__PROBLEM REQUIREMENTS__: Would you write out every entry exactly, but without the pictures?

-------- RECORDS FOR THE TASK --------

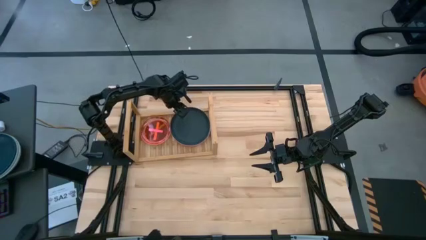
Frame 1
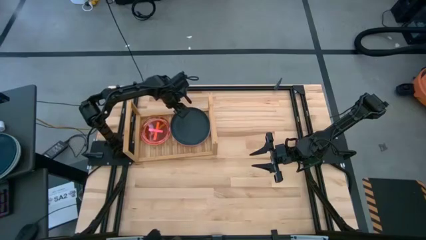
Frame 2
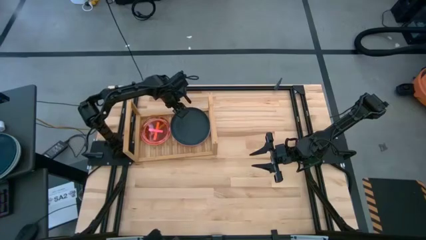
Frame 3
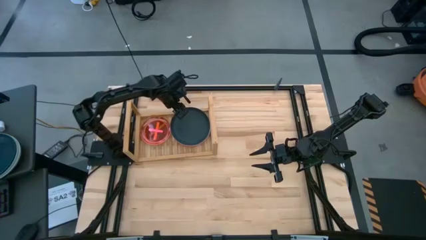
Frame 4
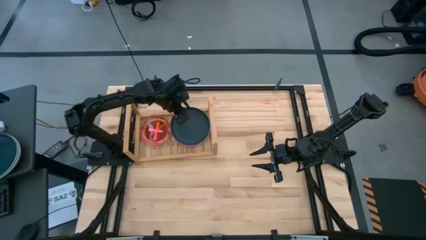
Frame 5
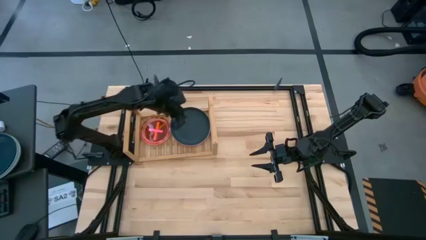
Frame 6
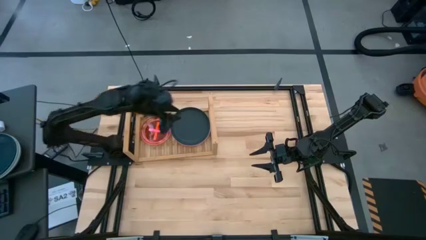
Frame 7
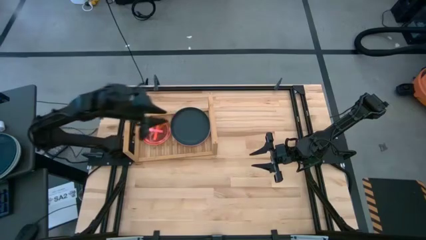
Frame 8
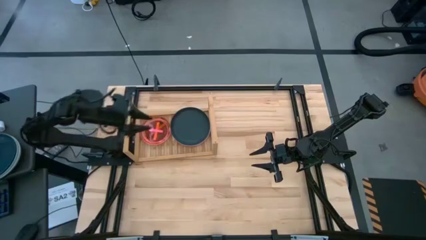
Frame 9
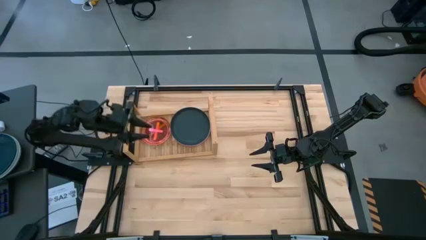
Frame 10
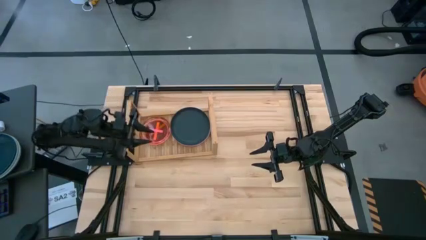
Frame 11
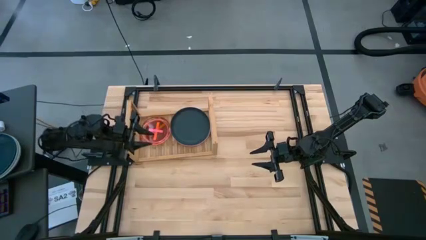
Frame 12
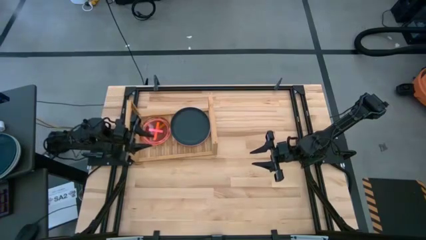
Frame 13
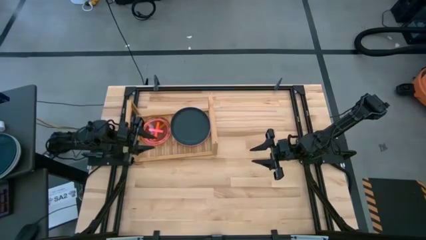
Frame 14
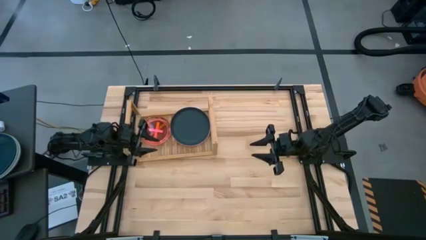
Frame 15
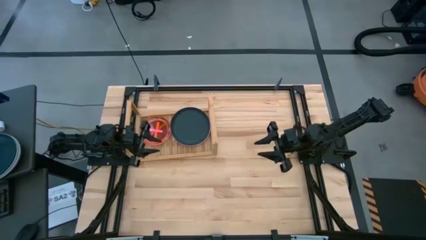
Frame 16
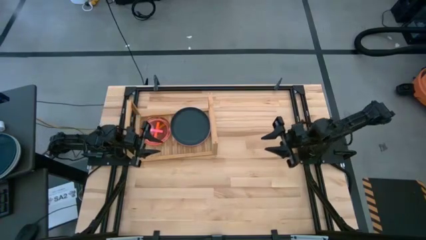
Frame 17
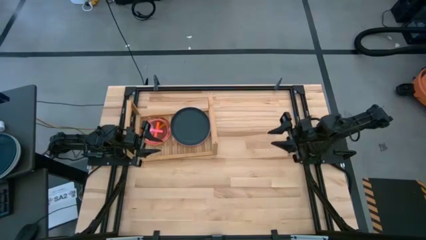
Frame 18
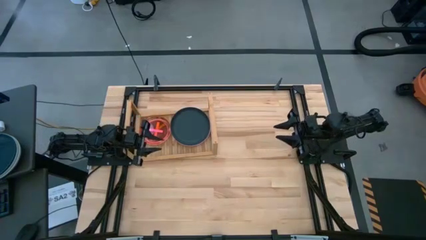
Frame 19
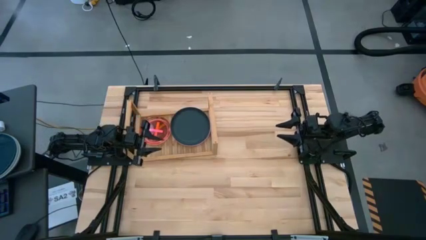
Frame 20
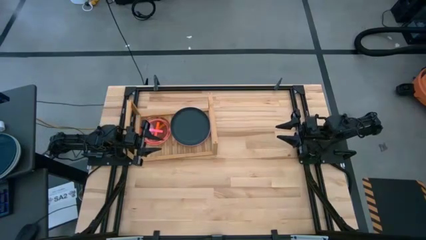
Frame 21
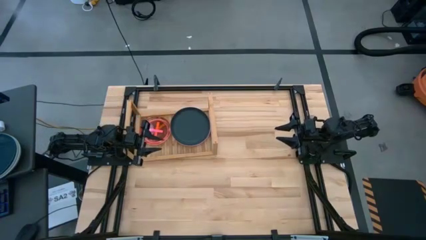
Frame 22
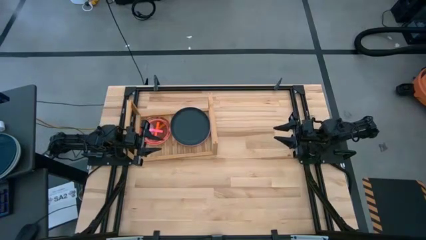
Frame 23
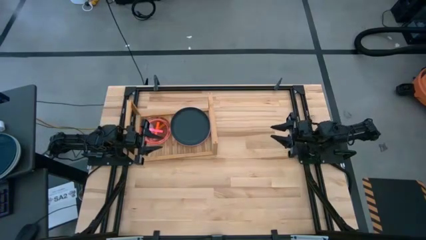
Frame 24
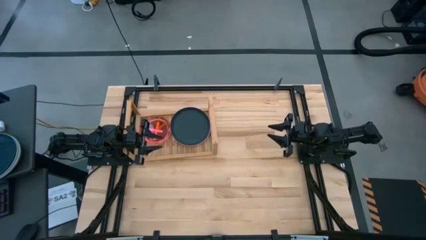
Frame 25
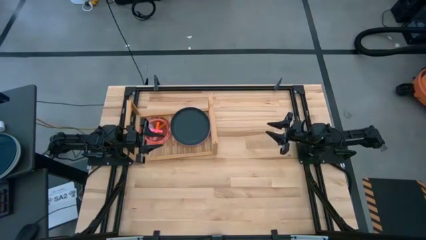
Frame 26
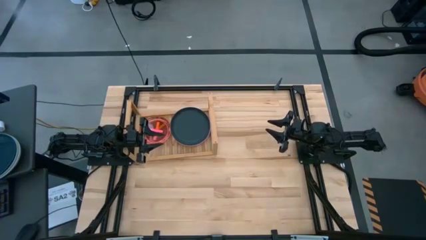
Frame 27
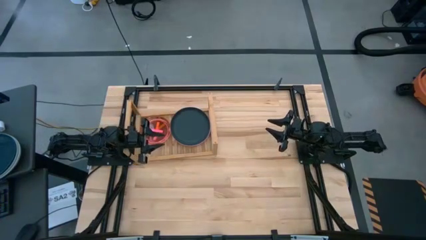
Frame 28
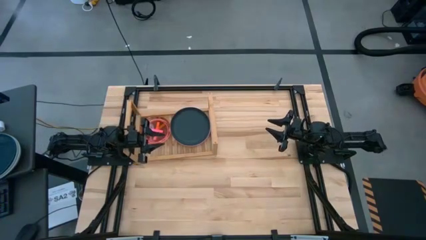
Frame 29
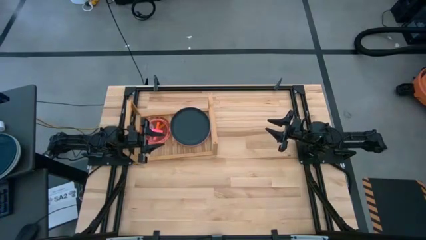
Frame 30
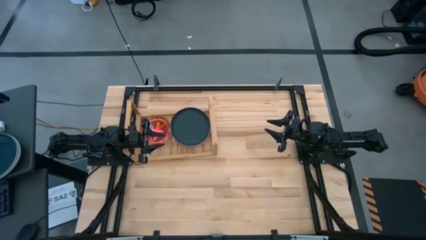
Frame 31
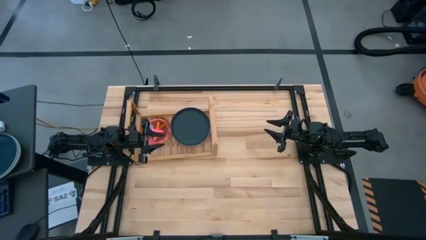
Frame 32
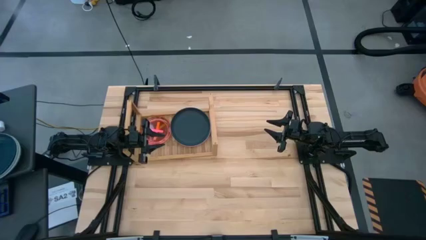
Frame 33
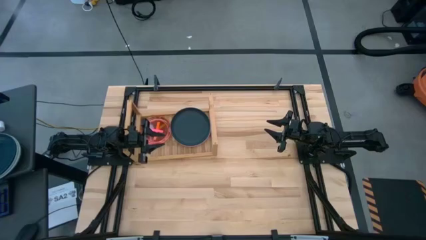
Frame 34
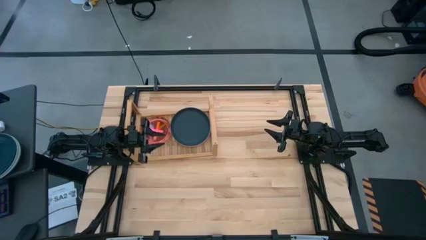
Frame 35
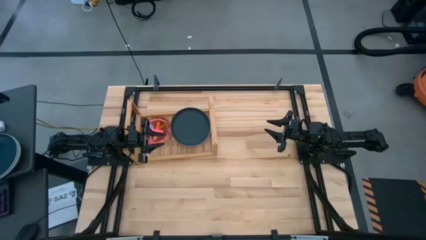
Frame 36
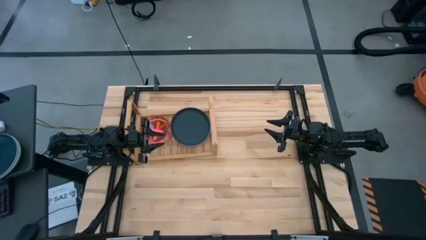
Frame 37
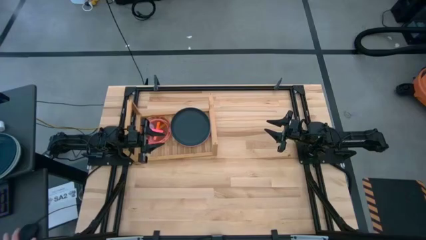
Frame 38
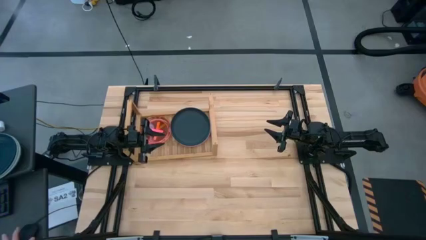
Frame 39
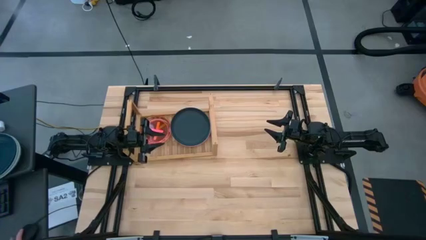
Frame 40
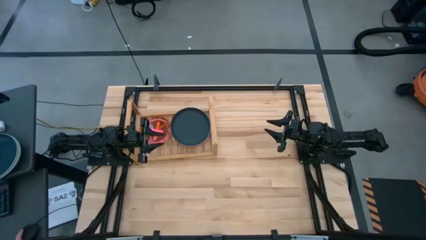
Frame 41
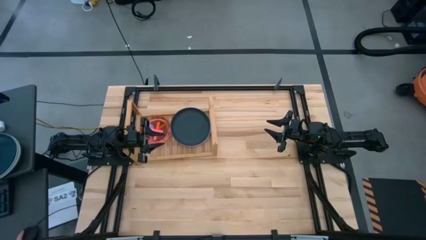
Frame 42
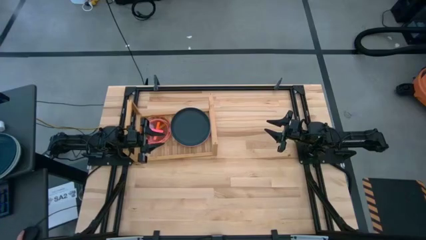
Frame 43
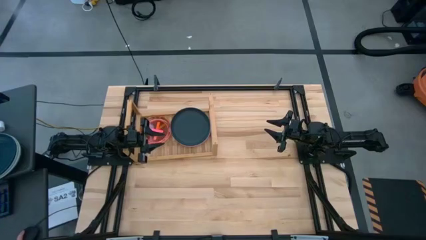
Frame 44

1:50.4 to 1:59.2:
Task: Place and stack plates onto a shelf
Return to Home Position

--------

__ANSWER BOX__:
Frame 1
Frame 2
Frame 3
Frame 4
Frame 5
Frame 6
Frame 7
Frame 8
Frame 9
Frame 10
Frame 11
Frame 12
Frame 13
Frame 14
Frame 15
Frame 16
Frame 17
Frame 18
Frame 19
Frame 20
Frame 21
Frame 22
Frame 23
Frame 24
Frame 25
Frame 26
Frame 27
Frame 28
Frame 29
Frame 30
Frame 31
Frame 32
Frame 33
Frame 34
Frame 35
Frame 36
Frame 37
Frame 38
Frame 39
Frame 40
Frame 41
Frame 42
Frame 43
Frame 44

1:50.4 to 1:59.2:
Task: Place and stack plates onto a shelf
Return to Home Position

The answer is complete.